= Walt Handelsman =

American cartoonist

Walt Handelsman (born December 3, 1956, in Baltimore, Maryland) is an editorial cartoonist for The Advocate in New Orleans. His cartoons are syndicated by Tribune Content Agency. He has twice won the Pulitzer Prize for Editorial Cartooning, in 1997 with the Times-Picayune and in 2007 for Newsday.

==Biography==
Handelsman graduated from Dean College (Franklin, MA) with an associate degree in Art Therapy in 1977; and the University of Cincinnati in 1979. He began his professional career at a chain of 13 Baltimore, Maryland and Washington, D.C., suburban weeklies from 1982 to 1985, followed by positions at The Scranton Times of Scranton, Pennsylvania, from 1985 to 1989, and The Times-Picayune in New Orleans, Louisiana, from 1989 to 2001, whereupon he joined Newsday, based on Long Island, New York. In 2013 he left Newsday to return to New Orleans with The Advocate, which had recently expanded its coverage to include New Orleans as well as its original home in Baton Rouge, Louisiana. In December 2025, Handelsman announced his retirement effective the end of 2025.

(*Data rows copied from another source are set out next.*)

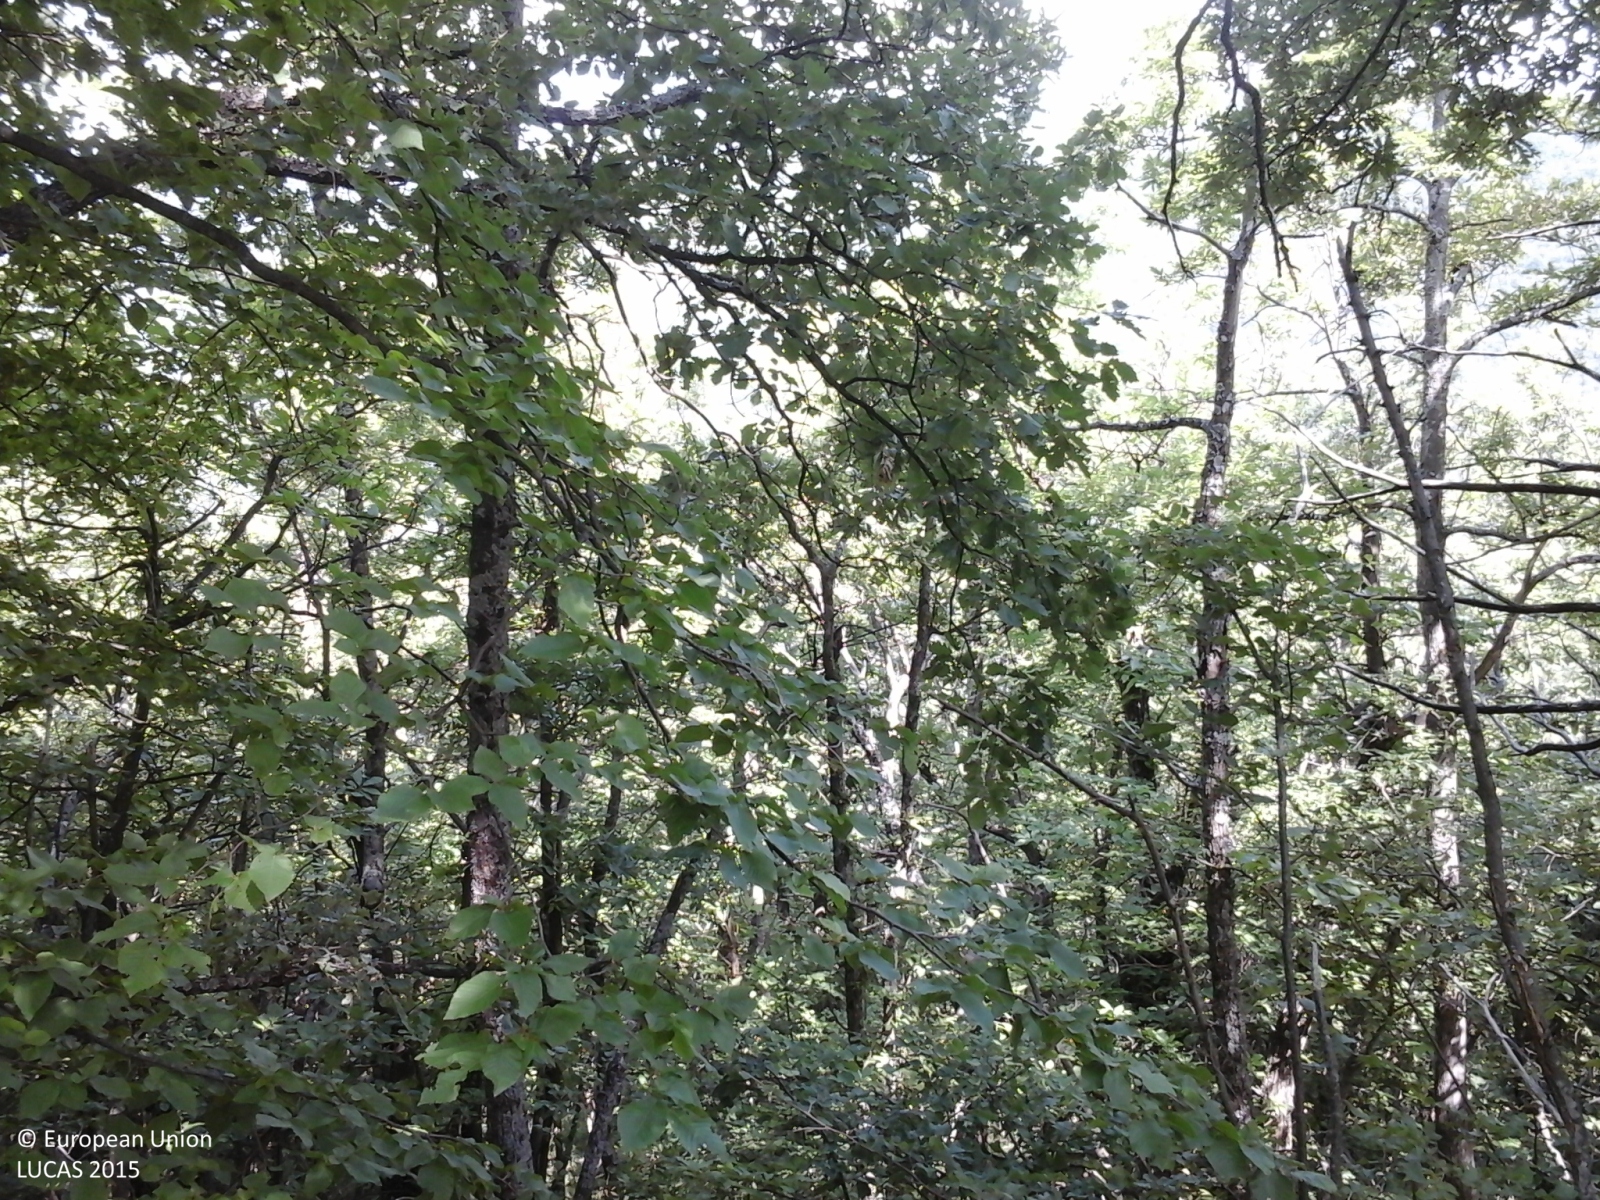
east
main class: Woodland
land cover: Broadleaved woodland
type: thermophilous deciduous forest
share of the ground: > 75 %
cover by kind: broadleaved forest trees 100 %
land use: Forestry
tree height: > 5 m
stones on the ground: 25 - 50 %
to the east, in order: Broadleaved woodland; Tracks; Broadleaved woodland
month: June
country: IT
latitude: 44.6533
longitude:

He is the author of seven collections of his editorial cartoons as well as a children's book published in 1995.

He is the brother of NBC news correspondent, Steve Handelsman.

==Awards==
Handelsman has won many local and national awards for cartooning excellence, including two Pulitzer Prizes, two National Headliner Awards, the Society of Professional Journalists Award, the Robert F. Kennedy Journalism Award and 2003 Scripps Howard National Journalism Awards.